Output the data exactly, with every line intact.

[Data records]
===============

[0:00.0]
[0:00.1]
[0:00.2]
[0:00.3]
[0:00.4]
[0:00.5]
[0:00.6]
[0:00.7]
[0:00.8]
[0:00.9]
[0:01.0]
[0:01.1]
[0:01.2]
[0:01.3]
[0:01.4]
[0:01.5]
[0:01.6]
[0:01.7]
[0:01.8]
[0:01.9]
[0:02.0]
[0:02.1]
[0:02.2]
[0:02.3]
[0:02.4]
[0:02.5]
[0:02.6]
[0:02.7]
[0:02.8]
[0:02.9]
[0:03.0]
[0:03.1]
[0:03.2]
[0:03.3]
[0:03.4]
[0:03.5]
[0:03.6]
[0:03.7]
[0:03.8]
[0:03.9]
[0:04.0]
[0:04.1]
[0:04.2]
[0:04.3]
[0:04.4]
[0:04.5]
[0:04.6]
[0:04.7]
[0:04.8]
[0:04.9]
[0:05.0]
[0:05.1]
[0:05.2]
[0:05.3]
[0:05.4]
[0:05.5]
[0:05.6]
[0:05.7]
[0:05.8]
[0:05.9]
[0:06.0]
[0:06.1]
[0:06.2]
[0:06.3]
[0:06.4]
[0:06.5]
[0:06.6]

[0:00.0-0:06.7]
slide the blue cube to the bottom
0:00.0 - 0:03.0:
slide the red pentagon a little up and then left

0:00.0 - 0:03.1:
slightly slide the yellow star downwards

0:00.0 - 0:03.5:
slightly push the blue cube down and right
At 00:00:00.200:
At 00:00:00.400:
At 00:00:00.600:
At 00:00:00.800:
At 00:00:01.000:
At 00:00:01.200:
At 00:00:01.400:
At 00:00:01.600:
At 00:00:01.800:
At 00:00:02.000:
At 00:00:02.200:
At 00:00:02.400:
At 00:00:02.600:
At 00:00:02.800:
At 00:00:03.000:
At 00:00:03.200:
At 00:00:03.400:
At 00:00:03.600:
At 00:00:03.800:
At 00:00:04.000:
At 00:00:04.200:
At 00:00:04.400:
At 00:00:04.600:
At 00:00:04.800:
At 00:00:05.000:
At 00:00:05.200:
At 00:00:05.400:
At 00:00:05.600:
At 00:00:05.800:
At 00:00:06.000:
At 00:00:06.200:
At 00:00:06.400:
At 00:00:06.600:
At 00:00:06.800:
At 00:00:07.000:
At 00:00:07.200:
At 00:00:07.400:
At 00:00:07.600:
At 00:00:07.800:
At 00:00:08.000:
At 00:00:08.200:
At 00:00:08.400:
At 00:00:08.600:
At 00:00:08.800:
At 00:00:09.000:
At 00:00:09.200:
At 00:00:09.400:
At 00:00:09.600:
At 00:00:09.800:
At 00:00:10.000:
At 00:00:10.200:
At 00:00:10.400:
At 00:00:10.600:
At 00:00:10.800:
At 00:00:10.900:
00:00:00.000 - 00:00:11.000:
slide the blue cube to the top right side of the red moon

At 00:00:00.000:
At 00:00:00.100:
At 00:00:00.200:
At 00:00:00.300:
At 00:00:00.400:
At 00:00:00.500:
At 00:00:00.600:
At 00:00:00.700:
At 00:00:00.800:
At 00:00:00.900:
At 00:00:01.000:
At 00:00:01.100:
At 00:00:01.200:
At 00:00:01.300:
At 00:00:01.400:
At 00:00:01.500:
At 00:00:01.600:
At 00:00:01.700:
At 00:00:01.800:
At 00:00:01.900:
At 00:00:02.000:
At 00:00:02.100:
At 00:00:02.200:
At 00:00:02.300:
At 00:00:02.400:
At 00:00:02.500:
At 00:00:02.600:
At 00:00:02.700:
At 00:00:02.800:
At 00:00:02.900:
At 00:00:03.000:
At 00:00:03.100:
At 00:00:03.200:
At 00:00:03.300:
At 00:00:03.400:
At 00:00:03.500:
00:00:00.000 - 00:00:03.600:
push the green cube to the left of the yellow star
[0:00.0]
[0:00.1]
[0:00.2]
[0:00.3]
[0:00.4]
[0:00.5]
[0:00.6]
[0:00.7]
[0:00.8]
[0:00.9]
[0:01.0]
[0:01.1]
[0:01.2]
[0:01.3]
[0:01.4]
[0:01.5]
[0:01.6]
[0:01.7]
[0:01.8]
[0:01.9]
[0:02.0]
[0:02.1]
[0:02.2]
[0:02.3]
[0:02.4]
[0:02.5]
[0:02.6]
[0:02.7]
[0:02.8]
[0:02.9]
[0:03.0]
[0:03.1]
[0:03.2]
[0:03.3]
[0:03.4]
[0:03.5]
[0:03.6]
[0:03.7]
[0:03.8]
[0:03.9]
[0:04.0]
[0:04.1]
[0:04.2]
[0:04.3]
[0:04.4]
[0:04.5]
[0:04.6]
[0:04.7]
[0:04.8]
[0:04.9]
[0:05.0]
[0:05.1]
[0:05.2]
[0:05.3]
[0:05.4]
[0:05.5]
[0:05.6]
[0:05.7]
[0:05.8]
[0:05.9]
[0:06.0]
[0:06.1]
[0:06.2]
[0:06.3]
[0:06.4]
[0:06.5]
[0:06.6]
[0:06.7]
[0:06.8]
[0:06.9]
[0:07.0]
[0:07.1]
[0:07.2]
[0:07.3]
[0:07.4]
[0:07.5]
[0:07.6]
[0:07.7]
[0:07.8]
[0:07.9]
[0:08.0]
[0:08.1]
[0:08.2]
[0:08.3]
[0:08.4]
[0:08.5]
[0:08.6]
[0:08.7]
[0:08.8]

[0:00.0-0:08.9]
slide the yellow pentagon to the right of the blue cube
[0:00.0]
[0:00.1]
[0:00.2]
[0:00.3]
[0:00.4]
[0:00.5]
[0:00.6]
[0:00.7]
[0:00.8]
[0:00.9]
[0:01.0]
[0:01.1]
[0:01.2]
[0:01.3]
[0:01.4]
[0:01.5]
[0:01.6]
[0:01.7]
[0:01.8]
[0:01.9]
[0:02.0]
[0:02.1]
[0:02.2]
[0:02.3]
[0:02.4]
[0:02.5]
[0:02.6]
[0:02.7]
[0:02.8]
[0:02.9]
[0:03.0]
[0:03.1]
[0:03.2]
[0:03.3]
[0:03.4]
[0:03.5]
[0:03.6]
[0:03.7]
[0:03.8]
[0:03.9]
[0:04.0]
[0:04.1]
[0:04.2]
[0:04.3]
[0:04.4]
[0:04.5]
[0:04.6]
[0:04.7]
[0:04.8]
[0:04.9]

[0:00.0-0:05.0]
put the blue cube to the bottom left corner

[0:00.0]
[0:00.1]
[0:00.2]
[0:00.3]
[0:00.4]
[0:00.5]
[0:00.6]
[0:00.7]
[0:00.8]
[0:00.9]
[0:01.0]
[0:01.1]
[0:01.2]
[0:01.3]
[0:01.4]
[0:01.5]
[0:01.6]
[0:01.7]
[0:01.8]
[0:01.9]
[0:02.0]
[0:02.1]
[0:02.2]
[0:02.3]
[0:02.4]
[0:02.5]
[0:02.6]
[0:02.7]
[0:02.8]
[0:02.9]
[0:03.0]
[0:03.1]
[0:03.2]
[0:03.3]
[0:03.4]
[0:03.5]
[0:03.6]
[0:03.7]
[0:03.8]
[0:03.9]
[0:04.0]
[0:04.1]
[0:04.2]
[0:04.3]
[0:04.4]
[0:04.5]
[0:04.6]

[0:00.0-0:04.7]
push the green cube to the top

===============

- _Reply_
[0:00.0]
[0:00.1]
[0:00.2]
[0:00.3]
[0:00.4]
[0:00.5]
[0:00.6]
[0:00.7]
[0:00.8]
[0:00.9]
[0:01.0]
[0:01.1]
[0:01.2]
[0:01.3]
[0:01.4]
[0:01.5]
[0:01.6]
[0:01.7]
[0:01.8]
[0:01.9]
[0:02.0]
[0:02.1]
[0:02.2]
[0:02.3]
[0:02.4]
[0:02.5]
[0:02.6]
[0:02.7]
[0:02.8]
[0:02.9]
[0:03.0]
[0:03.1]
[0:03.2]
[0:03.3]
[0:03.4]
[0:03.5]
[0:03.6]
[0:03.7]
[0:03.8]
[0:03.9]
[0:04.0]
[0:04.1]
[0:04.2]
[0:04.3]
[0:04.4]
[0:04.5]
[0:04.6]
[0:04.7]
[0:04.8]
[0:04.9]
[0:05.0]
[0:05.1]
[0:05.2]
[0:05.3]
[0:05.4]
[0:05.5]
[0:05.6]
[0:05.7]
[0:05.8]
[0:05.9]
[0:06.0]
[0:06.1]
[0:06.2]
[0:06.3]
[0:06.4]
[0:06.5]
[0:06.6]

[0:00.0-0:06.7]
slide the blue cube to the bottom
0:00.0 - 0:03.0:
slide the red pentagon a little up and then left

0:00.0 - 0:03.1:
slightly slide the yellow star downwards

0:00.0 - 0:03.5:
slightly push the blue cube down and right
At 00:00:00.200:
At 00:00:00.400:
At 00:00:00.600:
At 00:00:00.800:
At 00:00:01.000:
At 00:00:01.200:
At 00:00:01.400:
At 00:00:01.600:
At 00:00:01.800:
At 00:00:02.000:
At 00:00:02.200:
At 00:00:02.400:
At 00:00:02.600:
At 00:00:02.800:
At 00:00:03.000:
At 00:00:03.200:
At 00:00:03.400:
At 00:00:03.600:
At 00:00:03.800:
At 00:00:04.000:
At 00:00:04.200:
At 00:00:04.400:
At 00:00:04.600:
At 00:00:04.800:
At 00:00:05.000:
At 00:00:05.200:
At 00:00:05.400:
At 00:00:05.600:
At 00:00:05.800:
At 00:00:06.000:
At 00:00:06.200:
At 00:00:06.400:
At 00:00:06.600:
At 00:00:06.800:
At 00:00:07.000:
At 00:00:07.200:
At 00:00:07.400:
At 00:00:07.600:
At 00:00:07.800:
At 00:00:08.000:
At 00:00:08.200:
At 00:00:08.400:
At 00:00:08.600:
At 00:00:08.800:
At 00:00:09.000:
At 00:00:09.200:
At 00:00:09.400:
At 00:00:09.600:
At 00:00:09.800:
At 00:00:10.000:
At 00:00:10.200:
At 00:00:10.400:
At 00:00:10.600:
At 00:00:10.800:
At 00:00:10.900:
00:00:00.000 - 00:00:11.000:
slide the blue cube to the top right side of the red moon

At 00:00:00.000:
At 00:00:00.100:
At 00:00:00.200:
At 00:00:00.300:
At 00:00:00.400:
At 00:00:00.500:
At 00:00:00.600:
At 00:00:00.700:
At 00:00:00.800:
At 00:00:00.900:
At 00:00:01.000:
At 00:00:01.100:
At 00:00:01.200:
At 00:00:01.300:
At 00:00:01.400:
At 00:00:01.500:
At 00:00:01.600:
At 00:00:01.700:
At 00:00:01.800:
At 00:00:01.900:
At 00:00:02.000:
At 00:00:02.100:
At 00:00:02.200:
At 00:00:02.300:
At 00:00:02.400:
At 00:00:02.500:
At 00:00:02.600:
At 00:00:02.700:
At 00:00:02.800:
At 00:00:02.900:
At 00:00:03.000:
At 00:00:03.100:
At 00:00:03.200:
At 00:00:03.300:
At 00:00:03.400:
At 00:00:03.500:
00:00:00.000 - 00:00:03.600:
push the green cube to the left of the yellow star
[0:00.0]
[0:00.1]
[0:00.2]
[0:00.3]
[0:00.4]
[0:00.5]
[0:00.6]
[0:00.7]
[0:00.8]
[0:00.9]
[0:01.0]
[0:01.1]
[0:01.2]
[0:01.3]
[0:01.4]
[0:01.5]
[0:01.6]
[0:01.7]
[0:01.8]
[0:01.9]
[0:02.0]
[0:02.1]
[0:02.2]
[0:02.3]
[0:02.4]
[0:02.5]
[0:02.6]
[0:02.7]
[0:02.8]
[0:02.9]
[0:03.0]
[0:03.1]
[0:03.2]
[0:03.3]
[0:03.4]
[0:03.5]
[0:03.6]
[0:03.7]
[0:03.8]
[0:03.9]
[0:04.0]
[0:04.1]
[0:04.2]
[0:04.3]
[0:04.4]
[0:04.5]
[0:04.6]
[0:04.7]
[0:04.8]
[0:04.9]
[0:05.0]
[0:05.1]
[0:05.2]
[0:05.3]
[0:05.4]
[0:05.5]
[0:05.6]
[0:05.7]
[0:05.8]
[0:05.9]
[0:06.0]
[0:06.1]
[0:06.2]
[0:06.3]
[0:06.4]
[0:06.5]
[0:06.6]
[0:06.7]
[0:06.8]
[0:06.9]
[0:07.0]
[0:07.1]
[0:07.2]
[0:07.3]
[0:07.4]
[0:07.5]
[0:07.6]
[0:07.7]
[0:07.8]
[0:07.9]
[0:08.0]
[0:08.1]
[0:08.2]
[0:08.3]
[0:08.4]
[0:08.5]
[0:08.6]
[0:08.7]
[0:08.8]

[0:00.0-0:08.9]
slide the yellow pentagon to the right of the blue cube
[0:00.0]
[0:00.1]
[0:00.2]
[0:00.3]
[0:00.4]
[0:00.5]
[0:00.6]
[0:00.7]
[0:00.8]
[0:00.9]
[0:01.0]
[0:01.1]
[0:01.2]
[0:01.3]
[0:01.4]
[0:01.5]
[0:01.6]
[0:01.7]
[0:01.8]
[0:01.9]
[0:02.0]
[0:02.1]
[0:02.2]
[0:02.3]
[0:02.4]
[0:02.5]
[0:02.6]
[0:02.7]
[0:02.8]
[0:02.9]
[0:03.0]
[0:03.1]
[0:03.2]
[0:03.3]
[0:03.4]
[0:03.5]
[0:03.6]
[0:03.7]
[0:03.8]
[0:03.9]
[0:04.0]
[0:04.1]
[0:04.2]
[0:04.3]
[0:04.4]
[0:04.5]
[0:04.6]
[0:04.7]
[0:04.8]
[0:04.9]

[0:00.0-0:05.0]
put the blue cube to the bottom left corner

[0:00.0]
[0:00.1]
[0:00.2]
[0:00.3]
[0:00.4]
[0:00.5]
[0:00.6]
[0:00.7]
[0:00.8]
[0:00.9]
[0:01.0]
[0:01.1]
[0:01.2]
[0:01.3]
[0:01.4]
[0:01.5]
[0:01.6]
[0:01.7]
[0:01.8]
[0:01.9]
[0:02.0]
[0:02.1]
[0:02.2]
[0:02.3]
[0:02.4]
[0:02.5]
[0:02.6]
[0:02.7]
[0:02.8]
[0:02.9]
[0:03.0]
[0:03.1]
[0:03.2]
[0:03.3]
[0:03.4]
[0:03.5]
[0:03.6]
[0:03.7]
[0:03.8]
[0:03.9]
[0:04.0]
[0:04.1]
[0:04.2]
[0:04.3]
[0:04.4]
[0:04.5]
[0:04.6]

[0:00.0-0:04.7]
push the green cube to the top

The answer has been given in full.